Maintenance Requirements
We do not do regular site maintenance. That is you or your webmasters responsibility. If we do upgrade your site and plugins, themes, extensions, etc. we expect you to maintain your site. We recommend you login periodically and see if anything needs upgraded/updated. If your site is continually breached and we find that you have not been maintaining your site properly, we reserve the right to discontinue the monitoring service. We do our part to secure your site, you need to do your part to keep it secure.

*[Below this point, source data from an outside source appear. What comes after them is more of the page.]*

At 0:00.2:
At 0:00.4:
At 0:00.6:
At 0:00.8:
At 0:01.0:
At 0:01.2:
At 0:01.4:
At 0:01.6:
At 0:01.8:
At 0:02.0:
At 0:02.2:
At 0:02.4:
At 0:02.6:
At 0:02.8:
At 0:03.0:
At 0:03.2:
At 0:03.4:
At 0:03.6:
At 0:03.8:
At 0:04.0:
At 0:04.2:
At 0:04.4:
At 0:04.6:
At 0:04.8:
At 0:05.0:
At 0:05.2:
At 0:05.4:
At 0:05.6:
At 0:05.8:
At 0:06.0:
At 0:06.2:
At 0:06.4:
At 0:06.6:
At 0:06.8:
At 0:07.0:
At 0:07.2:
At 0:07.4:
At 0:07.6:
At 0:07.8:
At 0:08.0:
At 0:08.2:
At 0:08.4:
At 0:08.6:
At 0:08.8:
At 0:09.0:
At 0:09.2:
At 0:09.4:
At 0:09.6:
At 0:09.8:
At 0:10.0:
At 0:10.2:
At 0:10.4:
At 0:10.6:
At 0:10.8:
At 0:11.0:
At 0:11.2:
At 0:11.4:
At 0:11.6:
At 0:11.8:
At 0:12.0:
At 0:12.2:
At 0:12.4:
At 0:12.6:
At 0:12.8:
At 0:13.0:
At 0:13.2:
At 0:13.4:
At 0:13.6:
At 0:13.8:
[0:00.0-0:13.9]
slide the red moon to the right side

Unfortunately most CMS systems are NOT install and forget about it – they have continuous development to improve them and to patch potential security threats.
Payments/Chargebacks
Sould we receive notification from our payment processor that a) a chargeback was initiated, b) buyer or your buyer’s bank requested a payment reversal, we will remove all monitoring immediately and reserve the right to return your site to it’s previous state (prior to our cleanout). To reactivate your account, there will be a 25.00 fee imposed.

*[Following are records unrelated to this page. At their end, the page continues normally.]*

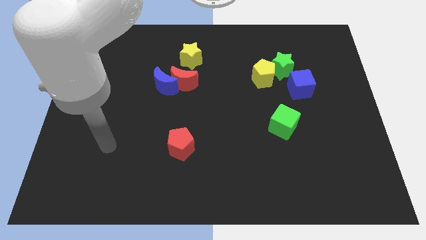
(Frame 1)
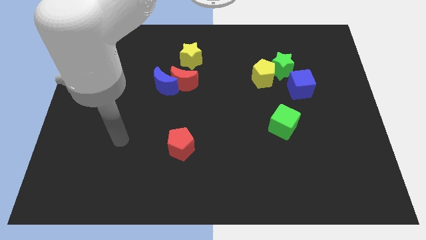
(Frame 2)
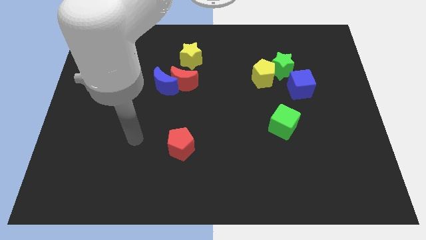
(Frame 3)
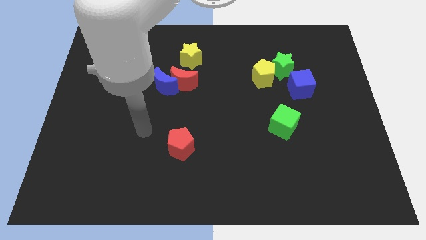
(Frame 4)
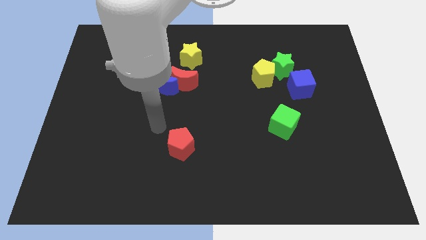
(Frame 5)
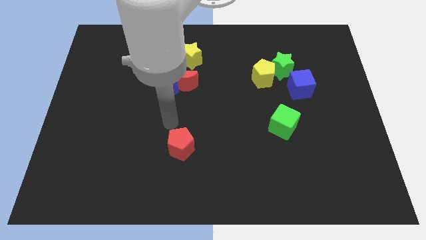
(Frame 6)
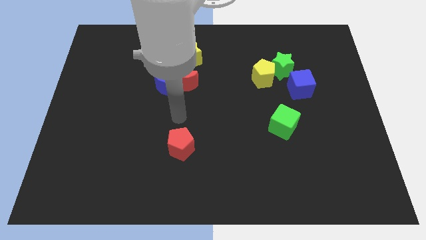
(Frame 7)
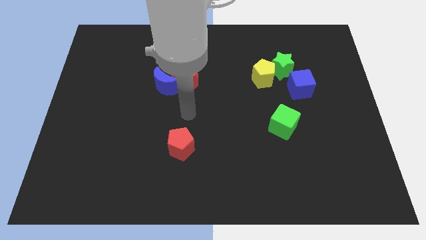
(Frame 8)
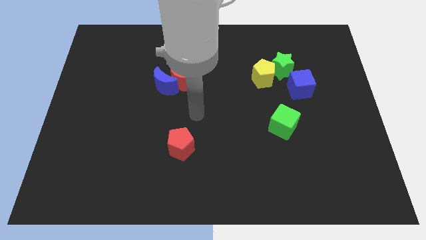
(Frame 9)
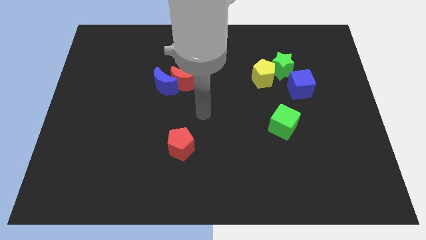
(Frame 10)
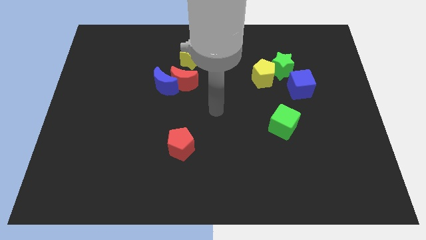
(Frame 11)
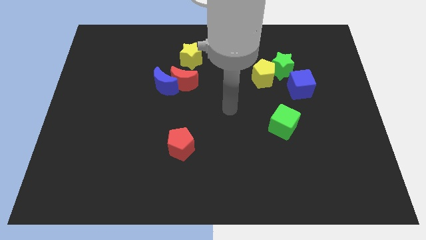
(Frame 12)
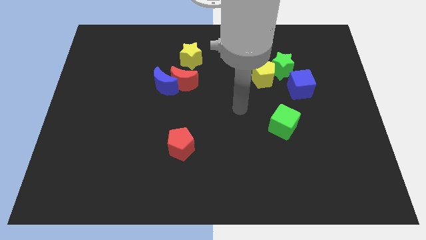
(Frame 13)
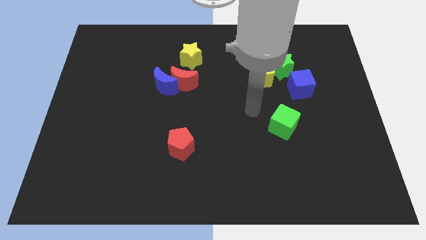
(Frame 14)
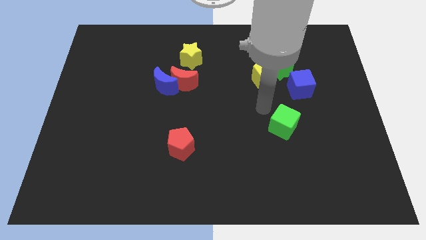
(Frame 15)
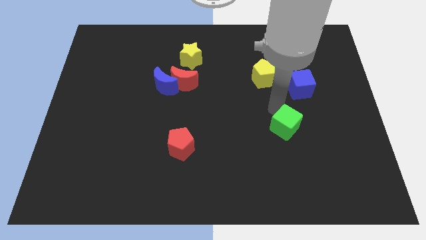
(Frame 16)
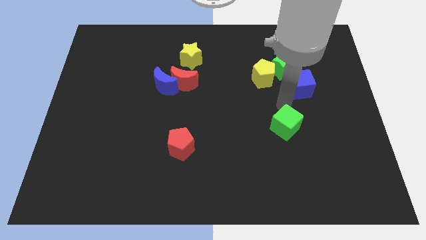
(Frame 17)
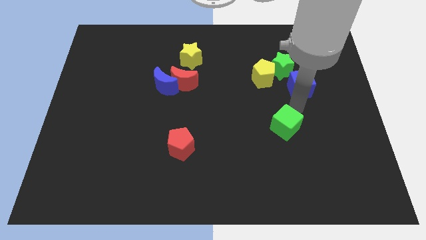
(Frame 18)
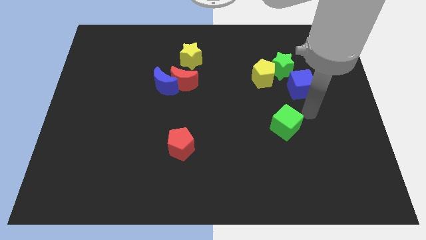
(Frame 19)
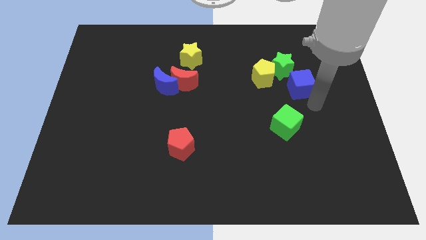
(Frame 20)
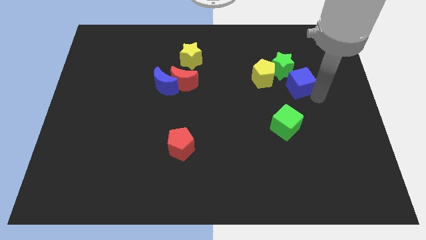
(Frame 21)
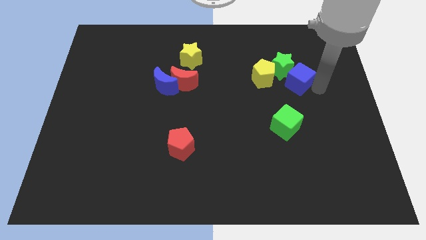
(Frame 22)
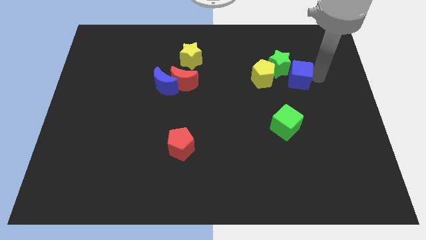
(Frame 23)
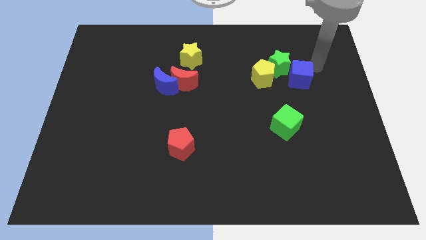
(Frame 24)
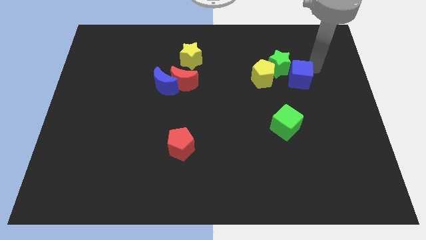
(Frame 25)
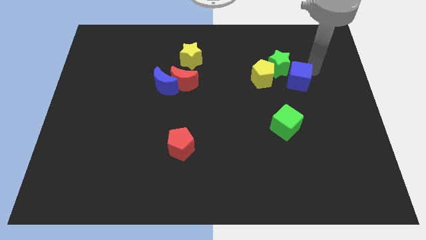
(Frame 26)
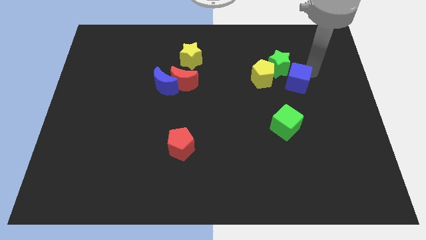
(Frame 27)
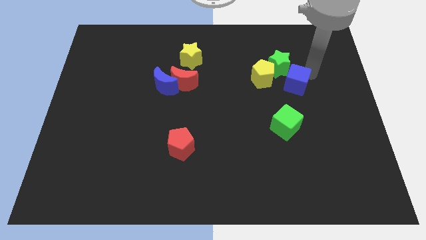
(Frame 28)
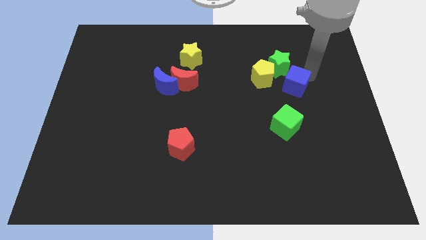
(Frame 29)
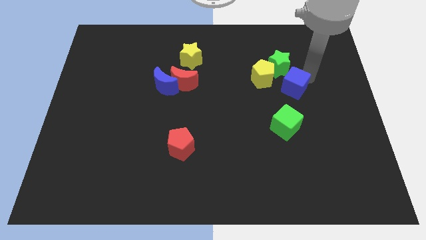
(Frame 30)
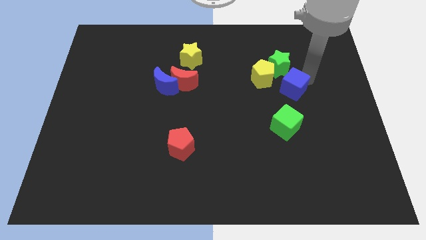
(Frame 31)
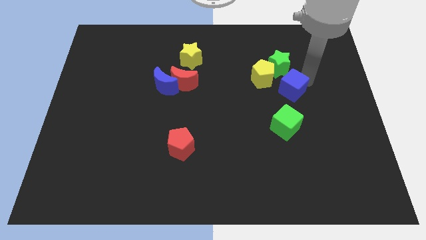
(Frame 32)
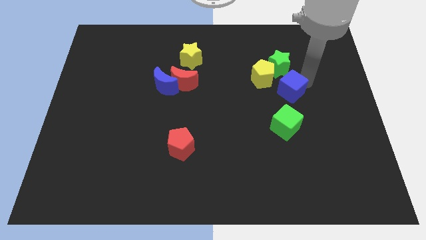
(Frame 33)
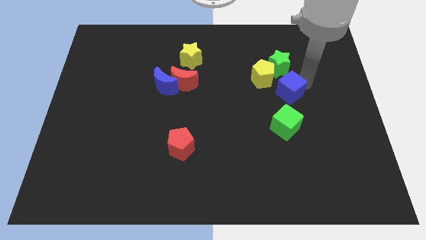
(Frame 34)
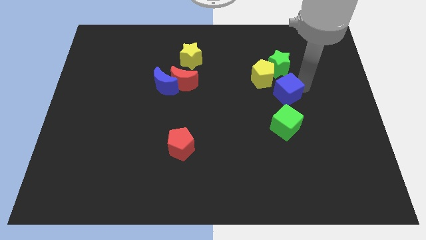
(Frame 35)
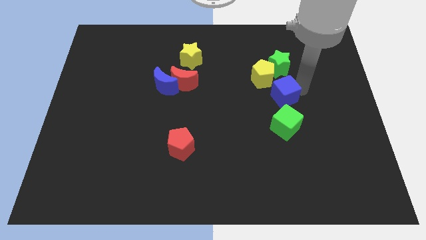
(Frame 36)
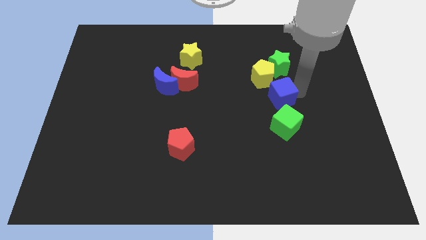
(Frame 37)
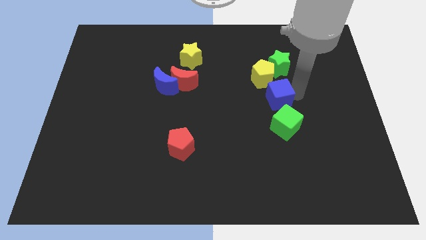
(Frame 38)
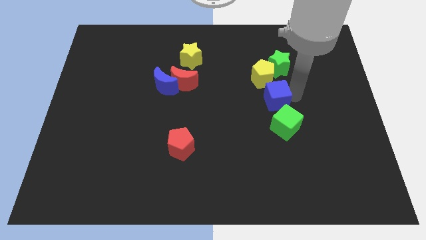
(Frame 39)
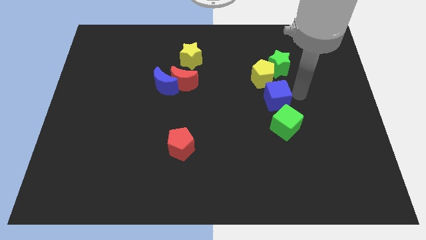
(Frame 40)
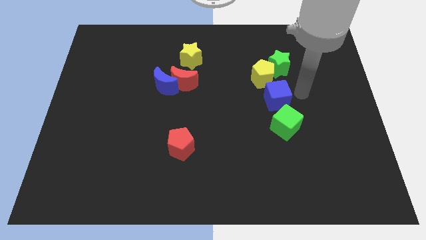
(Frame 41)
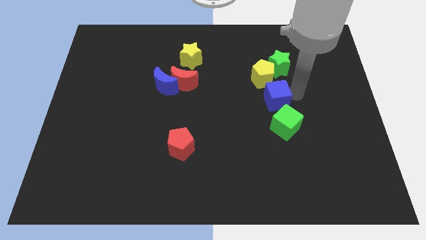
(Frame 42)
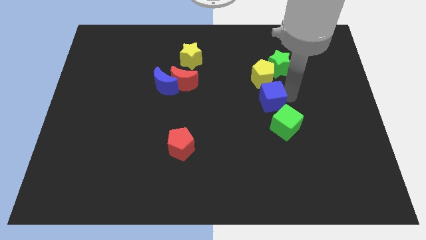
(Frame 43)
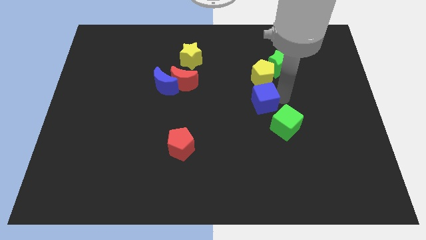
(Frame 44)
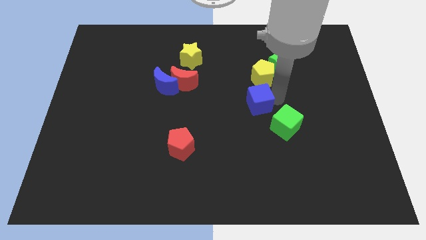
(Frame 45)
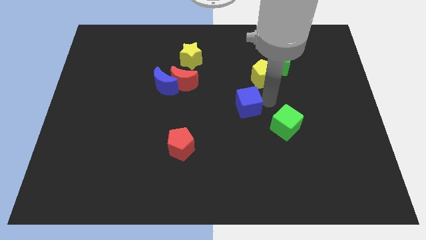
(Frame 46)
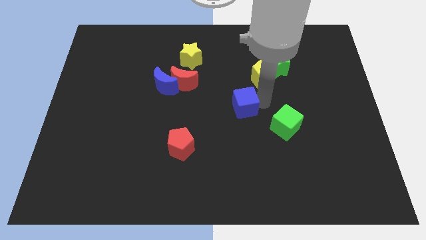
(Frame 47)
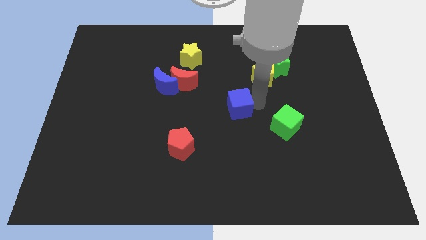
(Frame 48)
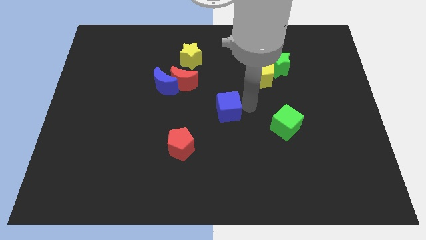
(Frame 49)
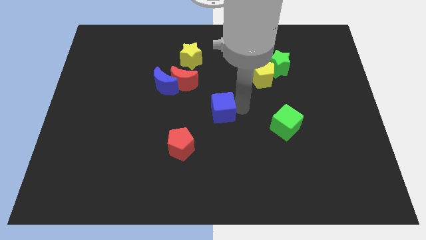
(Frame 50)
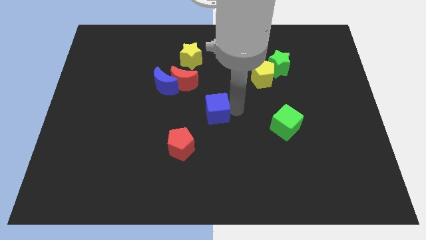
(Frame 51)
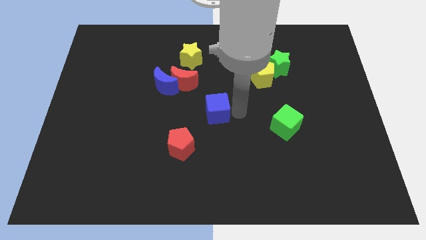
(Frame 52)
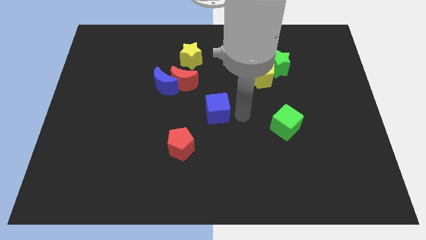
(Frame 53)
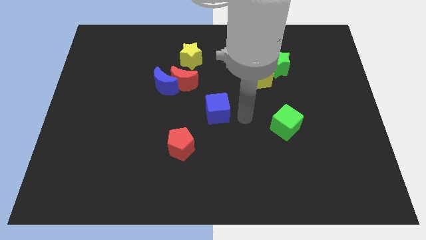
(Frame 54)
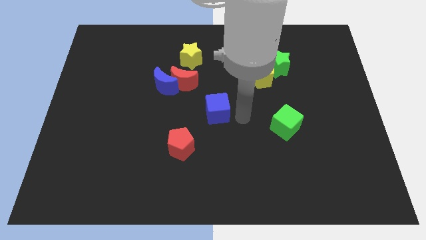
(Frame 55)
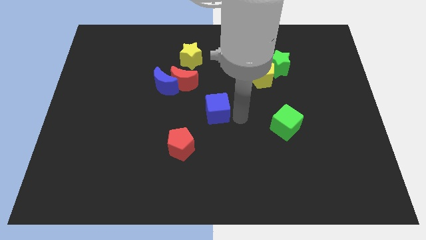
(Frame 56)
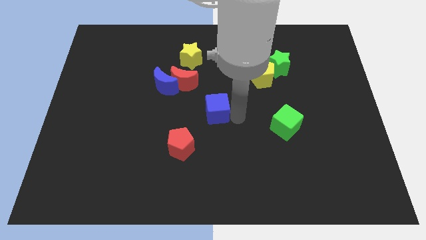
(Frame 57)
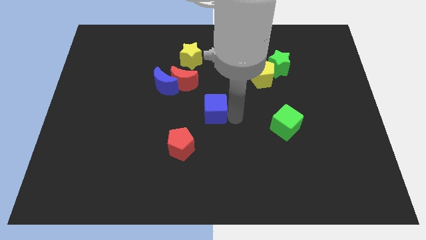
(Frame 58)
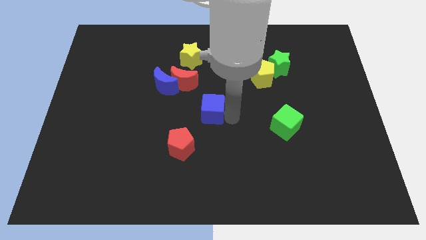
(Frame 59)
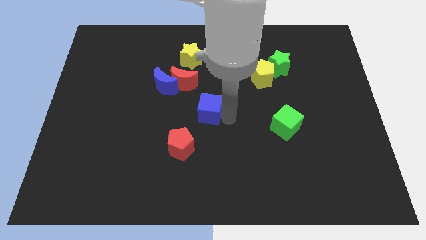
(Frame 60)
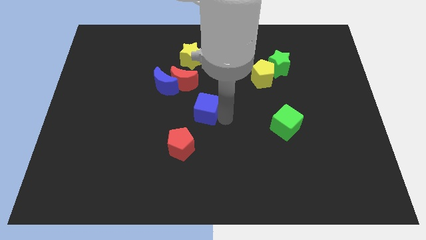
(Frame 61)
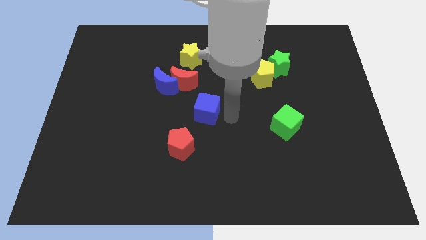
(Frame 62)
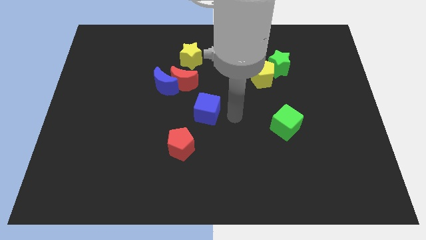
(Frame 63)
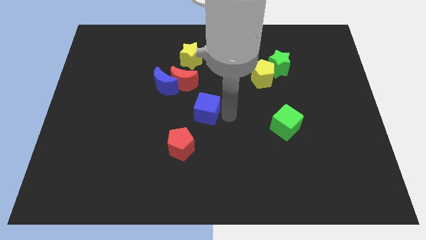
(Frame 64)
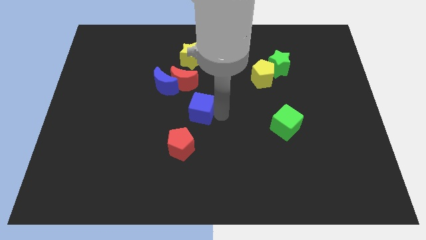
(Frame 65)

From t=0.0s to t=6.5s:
slide the blue cube to the top of the red pentagon

Other Exclusions/Exceptions to our service
If you are running wordpress, and have more than 25 plugins or more than 5 themes installed – you will not be eligible for the 1 full year of monitoring. Why? Because you are high risk and basically – everytime you install a new plugin, you are increasing that risk. We will provide you with recommendations, and set-up the monitoring for you, but you will be required to maintain the security of your site. This also includes sites that are running phpmyadmin and execute PHP plugins. These sites will always be at high risk for attacks.
If we find your site is not currently infected (but may have been previously) we will still secure it, make any necessary adjustments to submit to google (such as remove cached files, sessions, etc), and monitor it for 1 full year. There are no refunds if malware is not currently on your site or if you decide you no longer wish to have us monitor your site.
All of our services are non-refundable, unless otherwise noted above.
By purchasing our services – you have automatically agreed to these terms of service.